September 06, 2018 - 13:30 ( Brasília )

Brazil, China celebrate 30-year-old satellite cooperation

In 2019, a new satellite will monitor deforestation and disasters

This Wednesday (Aug. 29), at the Chinese Embassy in Brasília, Chinese government officials met with Brazilian aerospace authorities to celebrate the 30th anniversary of satellite cooperation between the two countries. The partnership is known as the China–Brazil Earth Resources Satellite program (CBERS), and has enabled the production of five satellites. The sixth remote sensing equipment, CBERS-4A, is expected to be launched next year in Taiyuan, China.


Spearheaded by the Brazilian Space Agent (AEB) and by the China National Space Administration (CNSA), the initiative saw the development of a full-fledged remote sensing system, both on Earth and in space, for the supply of free footage to both countries and 20 other nations in South America, Southern Africa, and Southeast Asia.



AEB President José Raimundo Braga Coelho underlined the pioneering high-technology plans implemented jointly by the two emerging countries.
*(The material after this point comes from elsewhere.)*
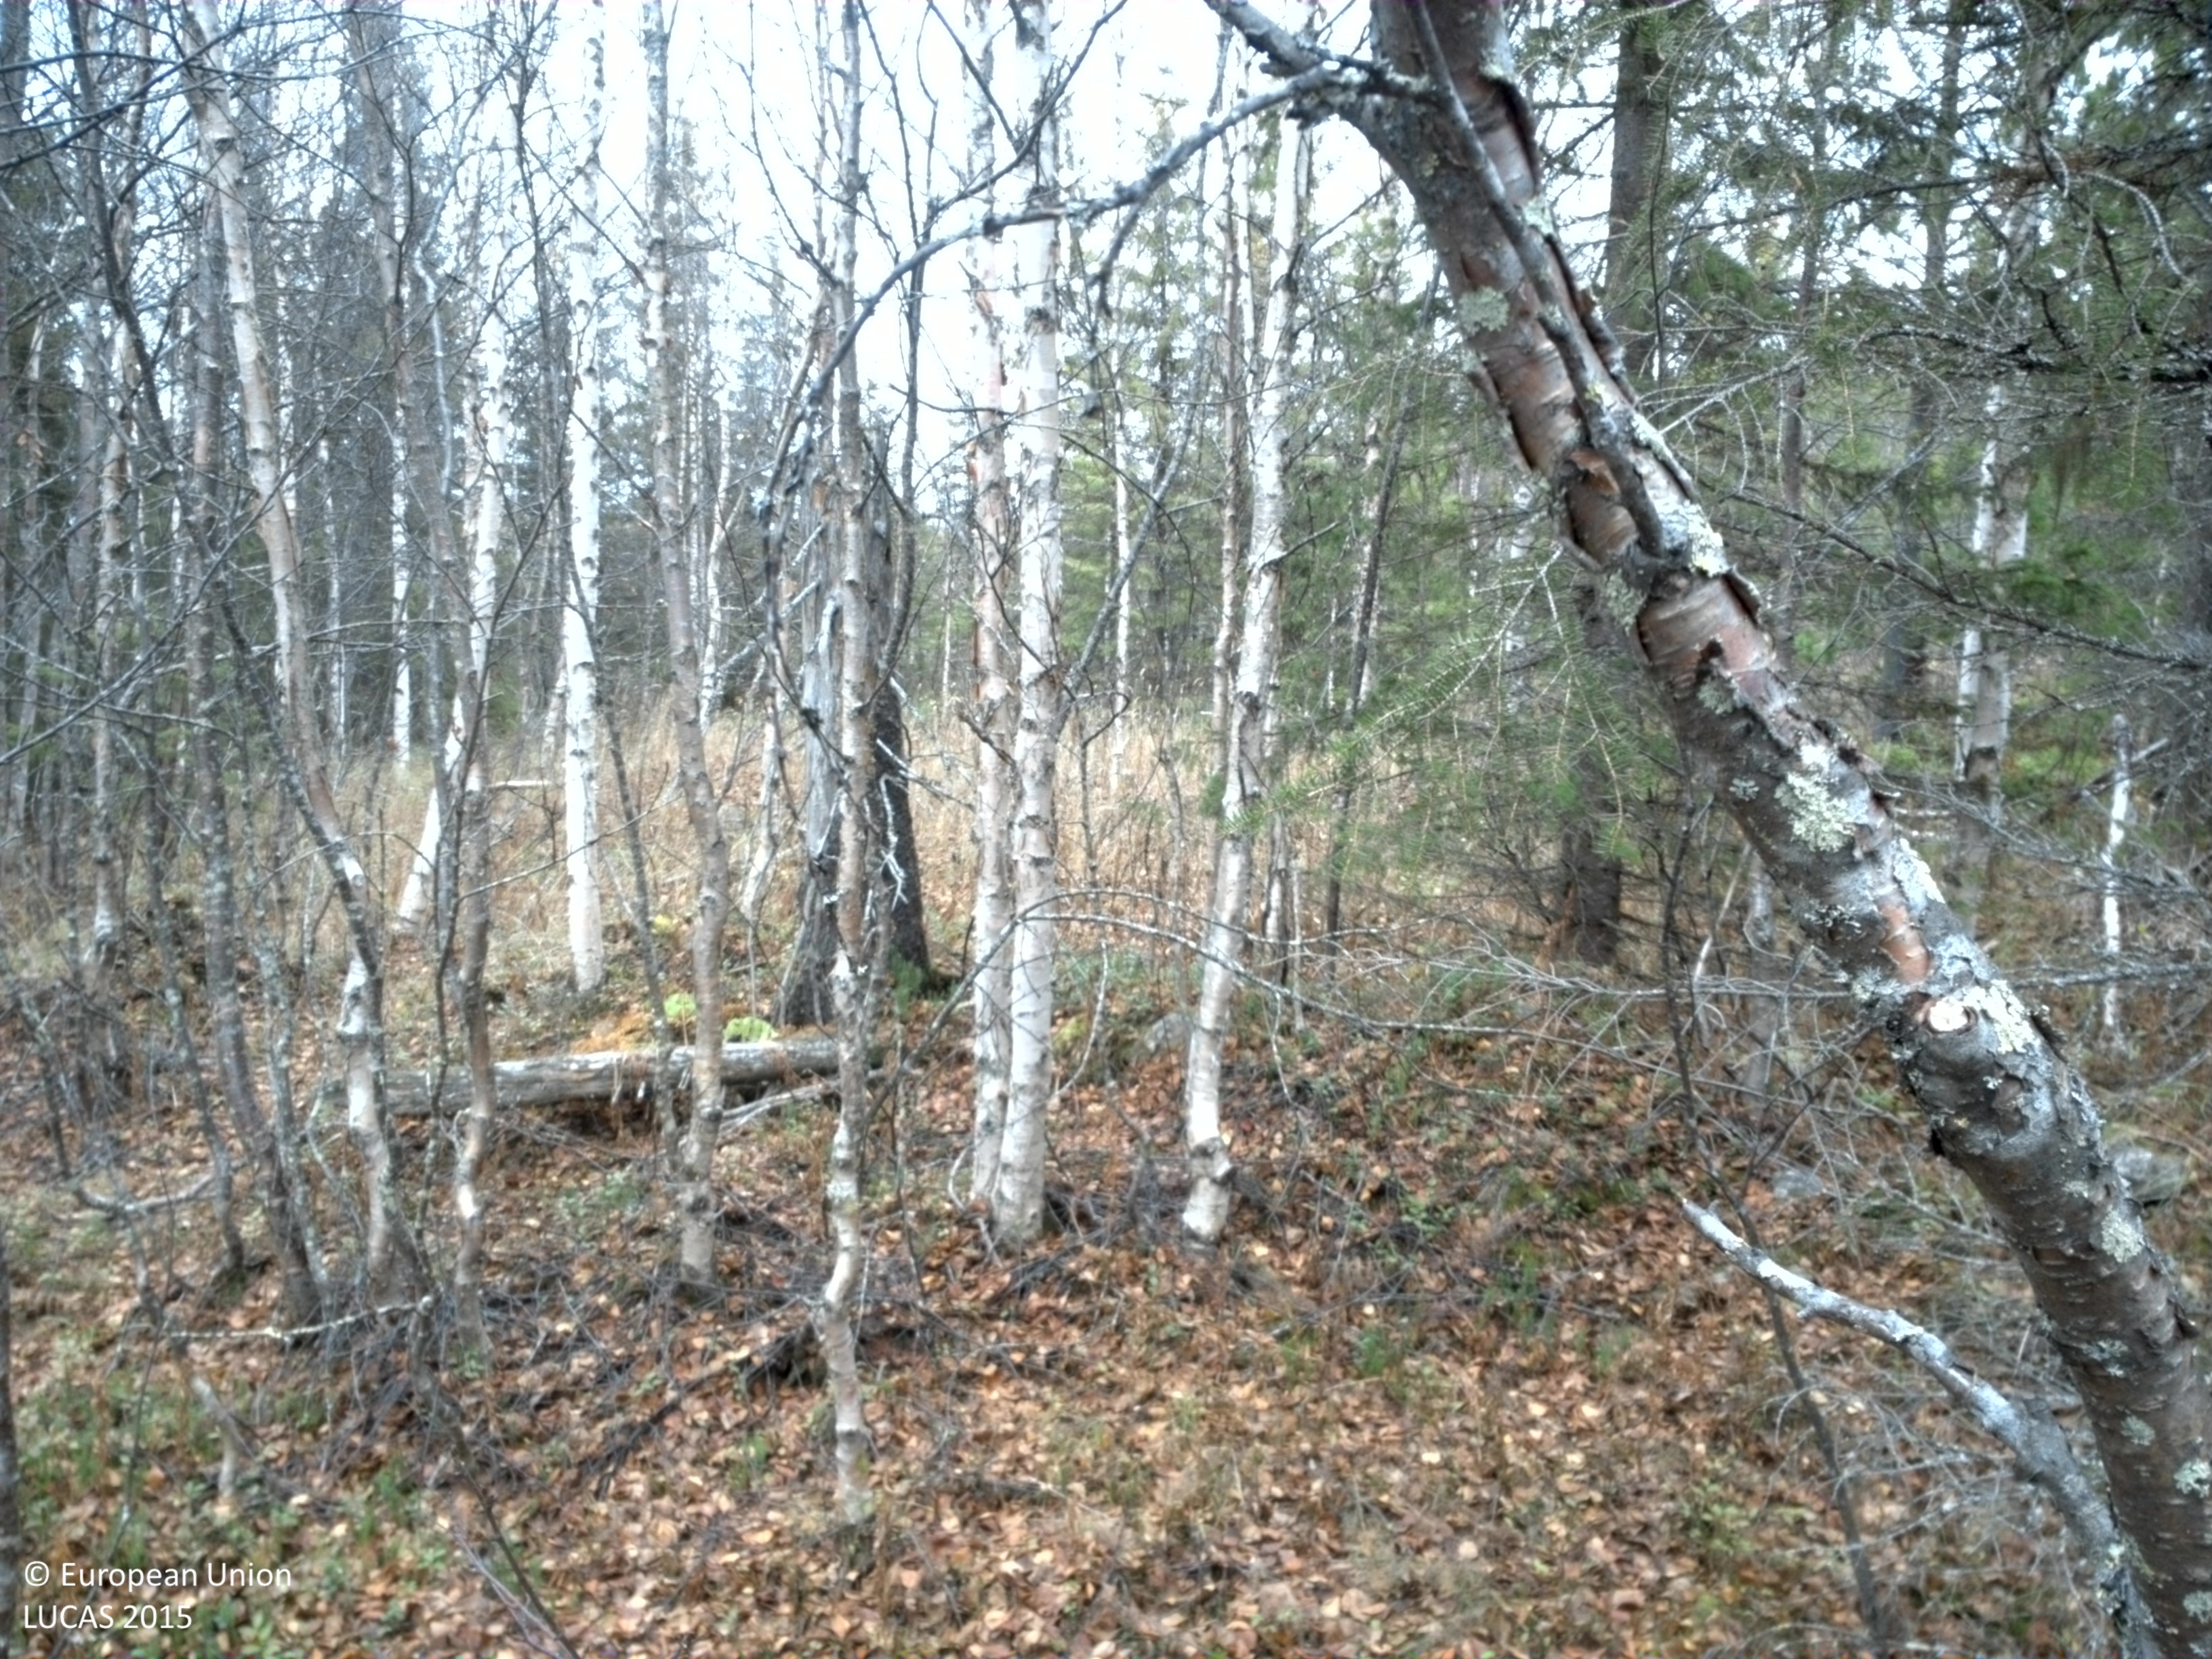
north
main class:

“All the efforts to expand the knowledge in strategic areas—like space—are valid. We had the need to develop Earth observation satellites. And we received this incredible invitation from the Chinese to join a collective effort,” he said.



“We selected an object of mutual interest and developed [the CBERS program] together,” Raimundo recounted.
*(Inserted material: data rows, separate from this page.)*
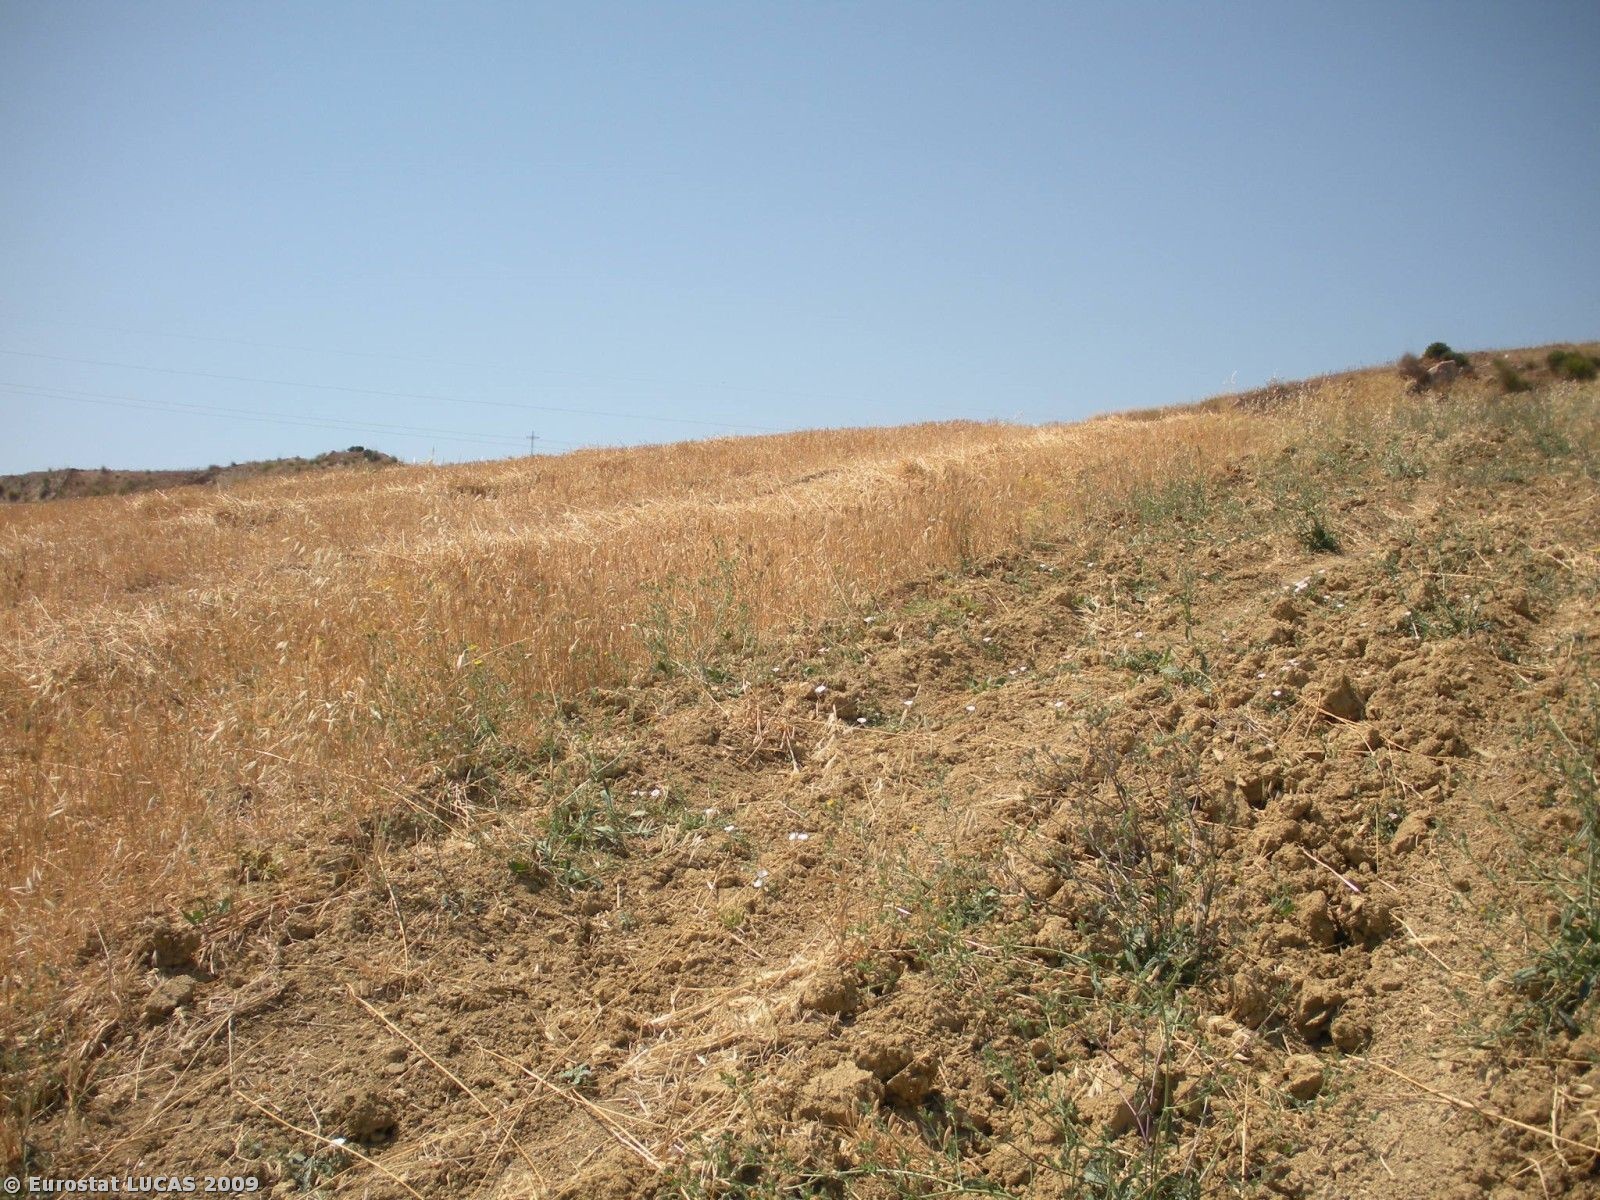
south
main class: Cropland
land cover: Temporary grasslands
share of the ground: > 75 %
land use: Agriculture (excluding fallow land and kitchen gardens)
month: July
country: IT
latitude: 37.9835
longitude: 12.6337

Chinese Ambassador to Brazil Li Jinzhang described the 30 years of China–Brazil space cooperation as “a role model for cooperation.” “Joint development for technological innovation brings mutual benefits,” he added. CBERS deepens the ties between the two nations, he went on to say.


O embaixador da China no Brasil, Li Jinzhang, participa da comemoração do 30º Aniversário da Cooperação CBERS, na Embaixada da China, em Brasília.


Chinese Ambassador to Brazil Li Jinzhang described the 30 years of China–Brazil space cooperation as “a role model for cooperation.” - TV Brasil





The sixth satellite is in its testing stage, and is being developed in cooperation with Brazil’s National Space Research Institute (Inpe) and the China Academy of Space Technology (Cast). CBERS-4A will ensure the continued supply of footage for monitoring the environment by keeping track of deforestation and natural disasters, the growth of agriculture and urban centers, among other uses.



CBERS-1 (1999), CBERS-2 (2003), and CBERS-2B (2007) were successfully launched. CBERS-3 malfunctioned during its launch in December, 2013. CBERS-4 was launched in December, 2014, and is still operational.





A hallmark in the program is the distribution of satellite-generated footage on for both environmental and agricultural purposes, also benefiting the academic community. Thus far, over 20 thousand Brazilian institutions have received images free of charge.


The China–Brazil cooperation is just a part of China’s ambitious space program. In the next 20 years, China plans to send a man to the Moon and a probe to Mars. This probe is expected to return with a soil sample for analysis.